Indian government wants Microsoft to offer Windows 10 upgrades at a lower price for the entire country

Following the recent ransomware attacks, the Indian government is pressing Microsoft to offer upgrades to Windows 10 at a lower price for the entire country. On Friday, Reuters reported that the Indian government has been in talks with Microsoft India officials since the WannaCry ransomware attack. Gulshan Rai, National Cyber Security Adviser to the Indian government said in a statement that the government is expecting Microsoft to offer Windows 10, which currently retails for 7,999 rupees ($124), at “throw-away prices.”
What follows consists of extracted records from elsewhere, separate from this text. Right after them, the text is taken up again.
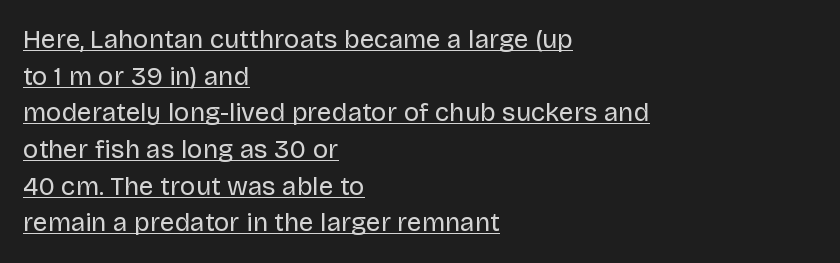
The image shows 26 px text type, upright; set left-aligned, normal line spacing (1.41x), normal letter spacing, underlined.
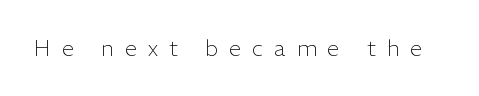
Decoration check: the copy has no underline. Posture: straight, roman, zero tilt. Characters follow at a spacing far wider than the type designer built in. The strokes carry an ordinary text weight at most.
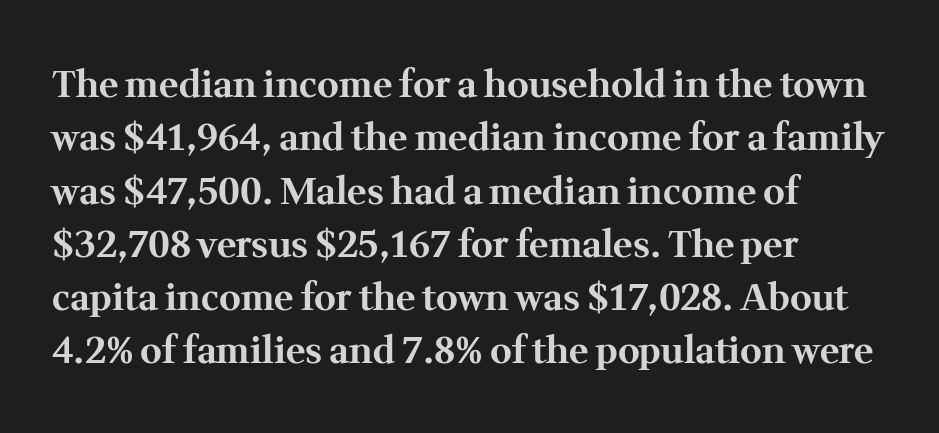
Rule under the text: the space is simply empty. The characters display serif detailing at their extremities. The characters look thick and weighty, a clear bold. Where is the straight margin? On the left.
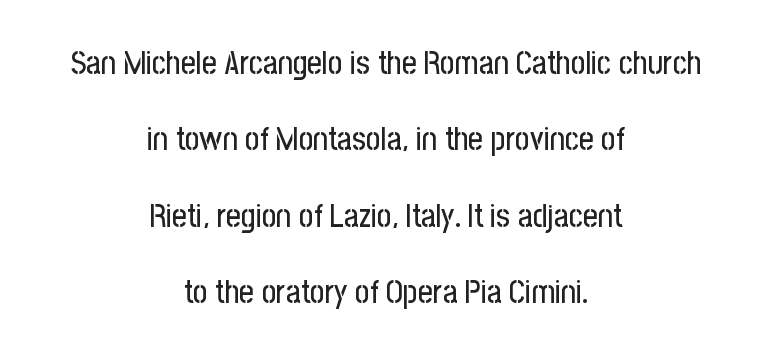
This block would shrink considerably if given ordinary leading; it's expanded now. The paragraph has two soft edges and a firm central axis. Varying glyph widths throughout — classic text-font behaviour. Check under the words: just untouched page.
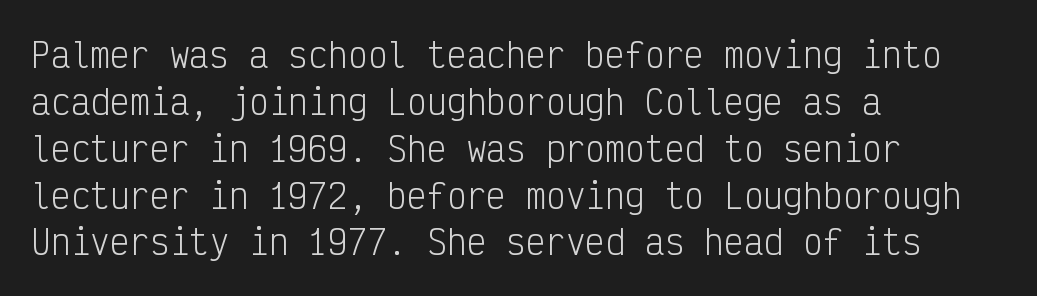
Q: Is the text bold? A: No.
Q: Is the text italic (slanted)? A: No, it is upright.
Q: Is the typeface a serif or a sans-serif typeface? A: Sans-serif.
Q: Is the text underlined? A: No.
Q: How is the paragraph aligned? A: Left-aligned.
Q: Is the spacing between letters normal or unusually wide? A: Normal.
Q: Is the spacing between lines tight, normal or loose? A: Normal.
Q: Width (condensed, normal, or wide)? A: Condensed.
Q: Stroke contrast? A: Low.
Q: x-height? A: Medium.
Q: Monospaced? A: Yes.
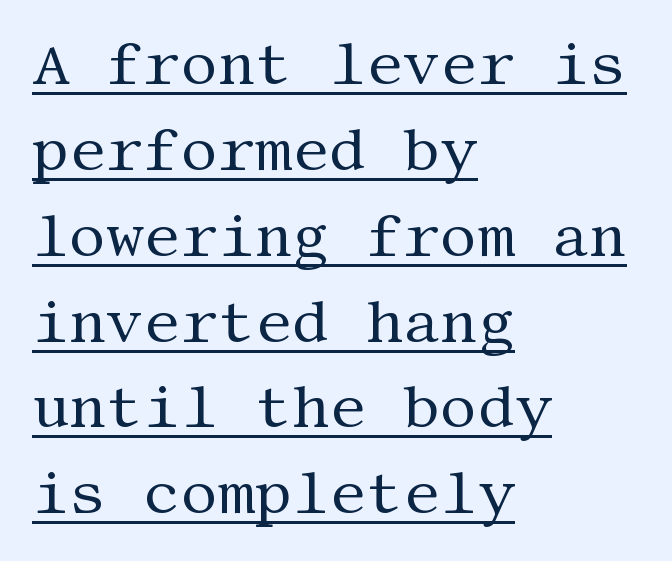
The image shows 58 px regular-weight serif type, upright; set left-aligned, normal line spacing (1.48x), normal letter spacing, underlined; medium stroke contrast and a large x-height.
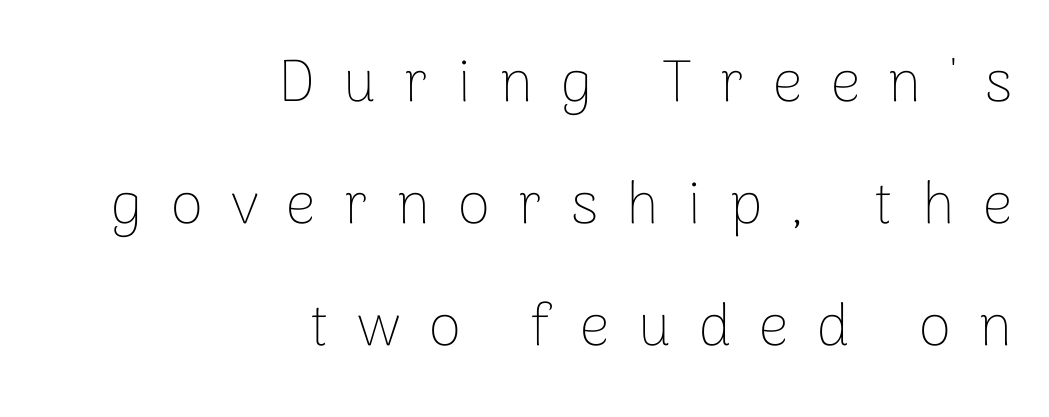
{"serif": "no", "italic": "no", "bold": "no", "weight": "thin", "width": "normal", "stroke_contrast": "low", "x_height": "medium", "monospaced": "no", "underline": "no", "align": "right", "line_spacing": "loose", "line_spacing_ratio": 2.07, "letter_spacing": "wide", "letter_spacing_em": 0.48, "glyph_px": 59}
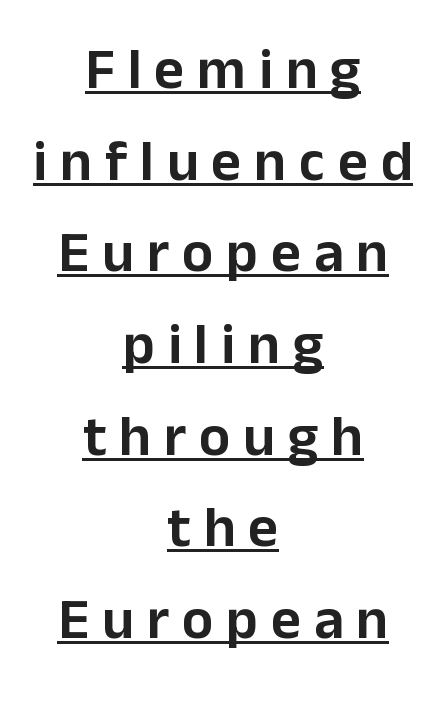
Q: Is the text italic (slanted)? A: No, it is upright.
Q: Is the typeface a serif or a sans-serif typeface? A: Sans-serif.
Q: Is the text underlined? A: Yes.
Q: How is the paragraph aligned? A: Centered.
Q: Is the spacing between letters normal or unusually wide? A: Unusually wide.
Q: Is the spacing between lines tight, normal or loose? A: Normal.
Q: Width (condensed, normal, or wide)? A: Normal.
Q: Stroke contrast? A: Low.
Q: x-height? A: Medium.
Q: Monospaced? A: No.

Rai later clarified that users will get a one-time upgrade offer, and the lower price would be available to the entire country which currently has more than 50 million Windows users, according to Reuters. As to how much the upgrade would cost isn’t known yet, but Rai expects it to be “less than a quarter of the current price.” More details regarding the price cut are expected to be revealed in detail in the next couple of days.

Microsoft tried a better discount in the past

Chances of the discounted upgrade price getting people to upgrade to Windows 10 is pretty low, to be frank. That’s because Microsoft has already offered existing free Windows 10 upgrades to existing Windows users for free in the past but the majority of Windows users are still running older versions of Windows.  Some of these users avoided upgrading to Windows 10 due to the initial privacy and reliability concerns, most of which Microsoft has already addressed in latest versions of Windows 10.
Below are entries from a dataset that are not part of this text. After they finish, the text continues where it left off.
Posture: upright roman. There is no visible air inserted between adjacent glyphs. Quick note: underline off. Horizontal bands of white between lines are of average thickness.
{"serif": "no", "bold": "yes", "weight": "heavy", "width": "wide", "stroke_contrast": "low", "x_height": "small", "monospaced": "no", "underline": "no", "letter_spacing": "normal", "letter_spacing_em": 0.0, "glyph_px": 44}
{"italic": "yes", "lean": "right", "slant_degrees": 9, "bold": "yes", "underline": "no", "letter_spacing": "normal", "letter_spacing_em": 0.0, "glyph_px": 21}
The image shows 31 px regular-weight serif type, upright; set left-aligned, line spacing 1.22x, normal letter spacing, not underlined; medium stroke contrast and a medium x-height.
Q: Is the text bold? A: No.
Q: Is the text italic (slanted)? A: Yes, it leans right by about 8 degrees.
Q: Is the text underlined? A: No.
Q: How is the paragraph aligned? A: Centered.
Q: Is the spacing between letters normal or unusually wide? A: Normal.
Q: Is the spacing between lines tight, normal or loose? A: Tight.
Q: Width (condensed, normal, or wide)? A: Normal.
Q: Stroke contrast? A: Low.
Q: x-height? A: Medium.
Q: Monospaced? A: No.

The push from the Indian government is actually coming following the recent ransomware attacks. The government has reportedly worked with banks to ensure 200,000 ATMs around the country are using the latest security patches released by Microsoft for Windows XP but Rai says this is “just an interim solution.”

Rai told Reuters that Microsoft India’s officials have already “in principle agreed” to the government’s request but the deal could cost Microsoft several billion, according to the publication.